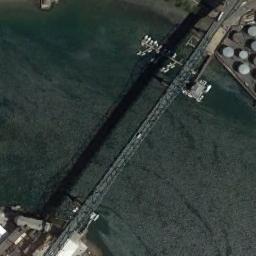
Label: bridge
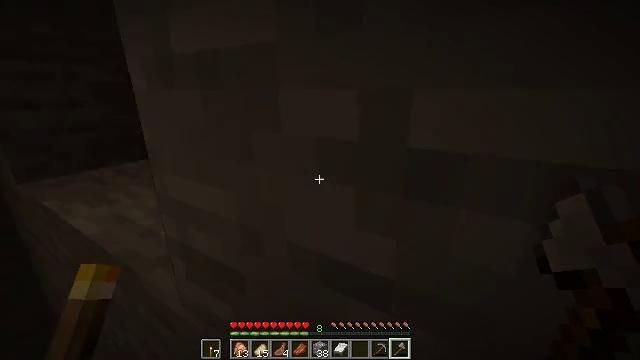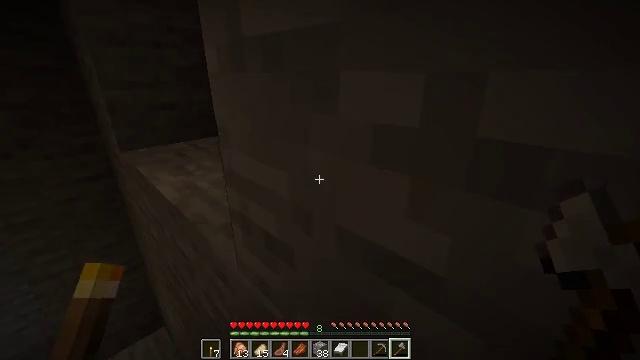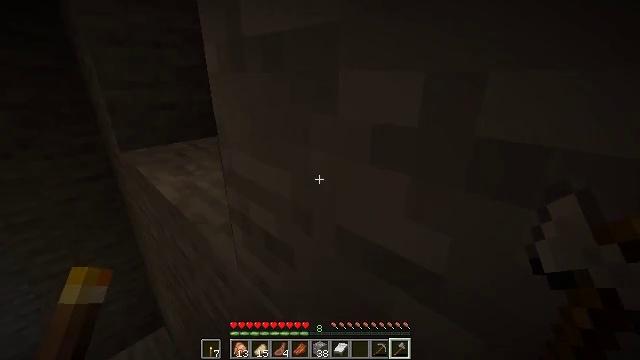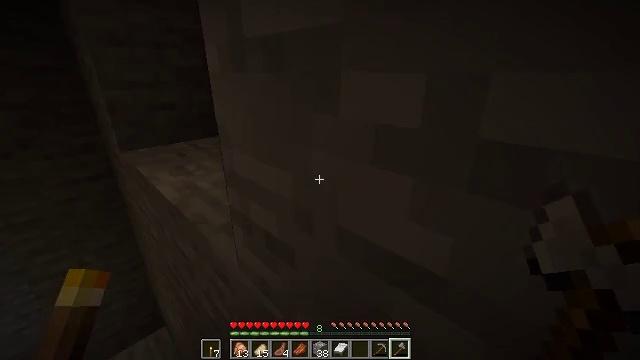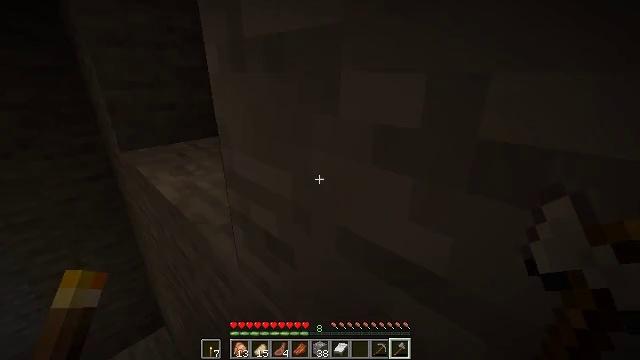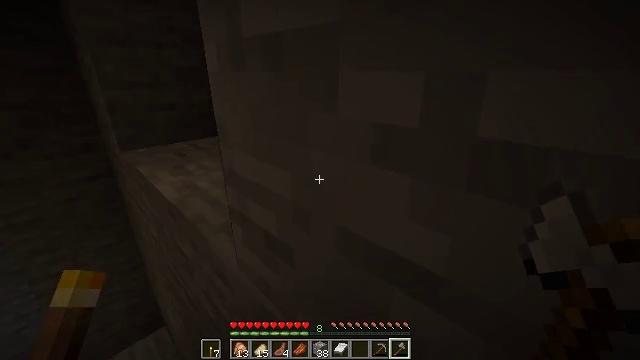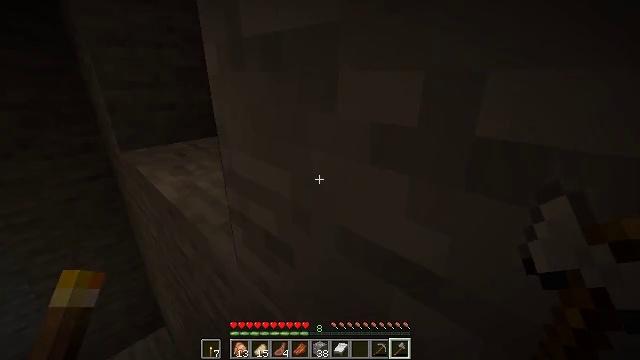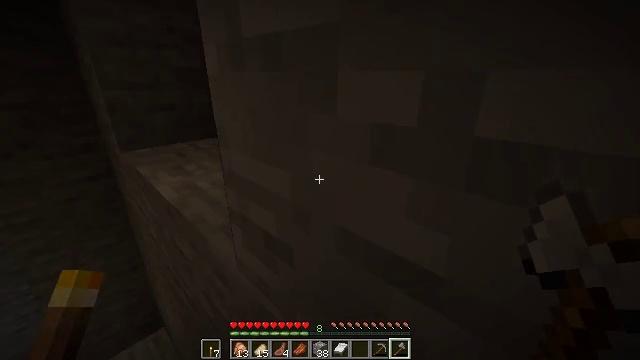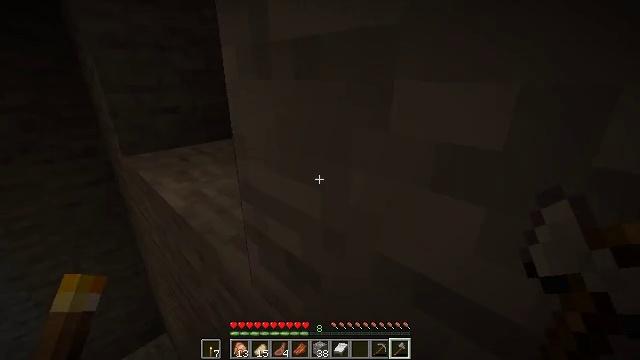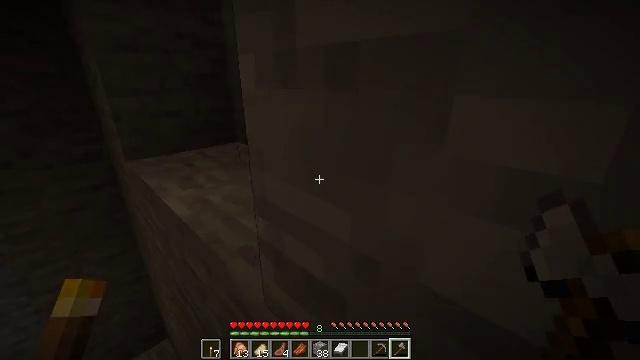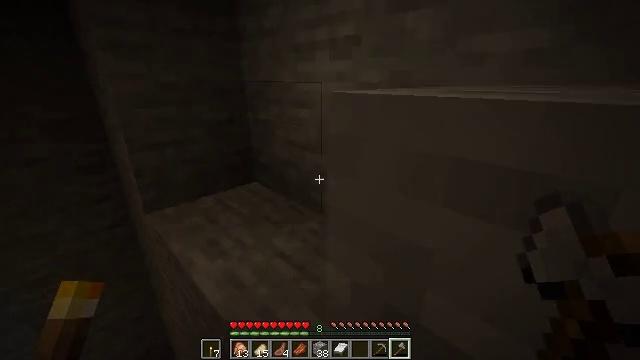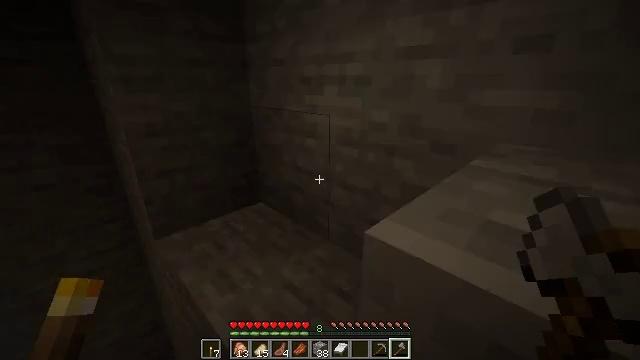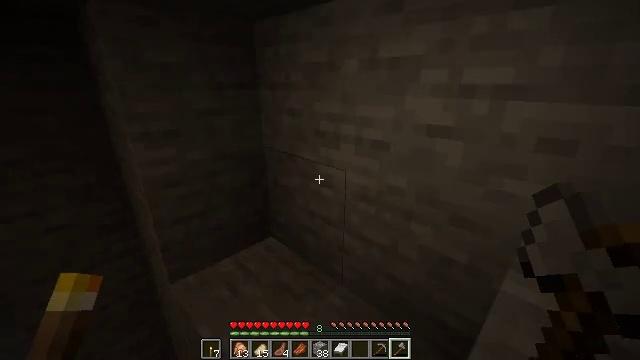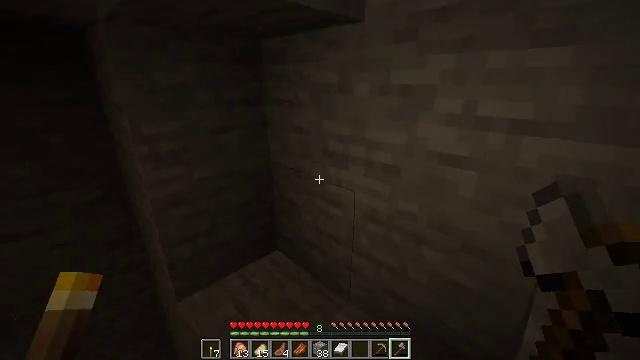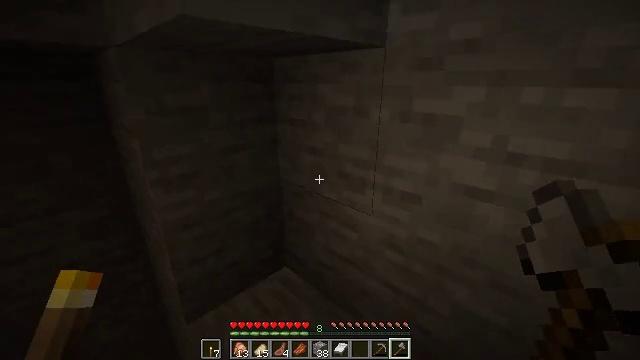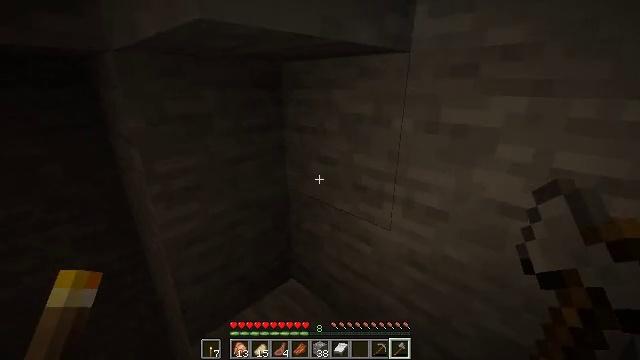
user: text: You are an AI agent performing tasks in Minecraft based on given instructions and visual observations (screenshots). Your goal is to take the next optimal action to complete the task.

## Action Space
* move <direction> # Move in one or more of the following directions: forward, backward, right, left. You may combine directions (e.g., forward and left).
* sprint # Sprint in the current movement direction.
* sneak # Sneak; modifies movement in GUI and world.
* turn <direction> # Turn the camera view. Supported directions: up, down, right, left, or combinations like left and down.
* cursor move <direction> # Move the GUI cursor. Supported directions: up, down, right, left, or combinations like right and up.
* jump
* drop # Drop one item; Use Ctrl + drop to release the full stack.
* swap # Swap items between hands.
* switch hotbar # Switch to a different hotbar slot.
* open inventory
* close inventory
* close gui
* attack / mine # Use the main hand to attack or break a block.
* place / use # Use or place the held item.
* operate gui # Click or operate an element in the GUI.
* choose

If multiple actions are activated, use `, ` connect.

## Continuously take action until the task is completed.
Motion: motion action
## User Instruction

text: Drop a cooked mutton.
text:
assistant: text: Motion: move forward and move right, turn left and down
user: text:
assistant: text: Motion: move forward and move right
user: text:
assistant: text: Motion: move right
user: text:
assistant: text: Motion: no_op
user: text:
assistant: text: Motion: no_op
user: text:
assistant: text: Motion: no_op
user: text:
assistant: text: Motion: no_op
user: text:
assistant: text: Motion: move forward and move left
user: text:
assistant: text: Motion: move forward and move left
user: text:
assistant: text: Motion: move forward and move left, jump
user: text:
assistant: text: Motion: move forward and move left, jump
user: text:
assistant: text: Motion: move forward, jump
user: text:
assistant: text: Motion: move forward, jump
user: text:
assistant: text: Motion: move forward, jump
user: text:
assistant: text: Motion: move forward, jump
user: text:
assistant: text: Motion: move forward and move right, turn right
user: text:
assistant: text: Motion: move forward and move right, turn right
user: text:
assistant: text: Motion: move forward and move right, turn right
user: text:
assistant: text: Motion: move forward and move right, turn right and down
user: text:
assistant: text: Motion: move forward and move right, turn right and down
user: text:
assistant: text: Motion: move forward and move right, turn right and down
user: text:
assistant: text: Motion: move forward, turn right and down
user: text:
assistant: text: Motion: move forward, turn right
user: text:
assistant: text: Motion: move forward, turn right and up
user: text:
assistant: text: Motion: move forward, turn right and up
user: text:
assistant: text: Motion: move forward, turn right and up
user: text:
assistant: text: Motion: move forward, turn right and up
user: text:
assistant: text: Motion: move forward, turn right and up
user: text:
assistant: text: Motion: turn right and up
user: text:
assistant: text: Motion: no_op
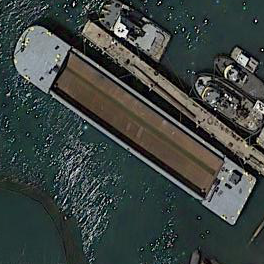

Requirement: Pictures should be left out when the records above are restated exactly.

Reply to the exercise:
Label: bridge
user: text: You are an AI agent performing tasks in Minecraft based on given instructions and visual observations (screenshots). Your goal is to take the next optimal action to complete the task.

## Action Space
* move <direction> # Move in one or more of the following directions: forward, backward, right, left. You may combine directions (e.g., forward and left).
* sprint # Sprint in the current movement direction.
* sneak # Sneak; modifies movement in GUI and world.
* turn <direction> # Turn the camera view. Supported directions: up, down, right, left, or combinations like left and down.
* cursor move <direction> # Move the GUI cursor. Supported directions: up, down, right, left, or combinations like right and up.
* jump
* drop # Drop one item; Use Ctrl + drop to release the full stack.
* swap # Swap items between hands.
* switch hotbar # Switch to a different hotbar slot.
* open inventory
* close inventory
* close gui
* attack / mine # Use the main hand to attack or break a block.
* place / use # Use or place the held item.
* operate gui # Click or operate an element in the GUI.
* choose

If multiple actions are activated, use `, ` connect.

## Continuously take action until the task is completed.
Motion: motion action
## User Instruction

text: Drop a cooked mutton.
text:
assistant: text: Motion: move forward and move right, turn left and down
user: text:
assistant: text: Motion: move forward and move right
user: text:
assistant: text: Motion: move right
user: text:
assistant: text: Motion: no_op
user: text:
assistant: text: Motion: no_op
user: text:
assistant: text: Motion: no_op
user: text:
assistant: text: Motion: no_op
user: text:
assistant: text: Motion: move forward and move left
user: text:
assistant: text: Motion: move forward and move left
user: text:
assistant: text: Motion: move forward and move left, jump
user: text:
assistant: text: Motion: move forward and move left, jump
user: text:
assistant: text: Motion: move forward, jump
user: text:
assistant: text: Motion: move forward, jump
user: text:
assistant: text: Motion: move forward, jump
user: text:
assistant: text: Motion: move forward, jump
user: text:
assistant: text: Motion: move forward and move right, turn right
user: text:
assistant: text: Motion: move forward and move right, turn right
user: text:
assistant: text: Motion: move forward and move right, turn right
user: text:
assistant: text: Motion: move forward and move right, turn right and down
user: text:
assistant: text: Motion: move forward and move right, turn right and down
user: text:
assistant: text: Motion: move forward and move right, turn right and down
user: text:
assistant: text: Motion: move forward, turn right and down
user: text:
assistant: text: Motion: move forward, turn right
user: text:
assistant: text: Motion: move forward, turn right and up
user: text:
assistant: text: Motion: move forward, turn right and up
user: text:
assistant: text: Motion: move forward, turn right and up
user: text:
assistant: text: Motion: move forward, turn right and up
user: text:
assistant: text: Motion: move forward, turn right and up
user: text:
assistant: text: Motion: turn right and up
user: text:
assistant: text: Motion: no_op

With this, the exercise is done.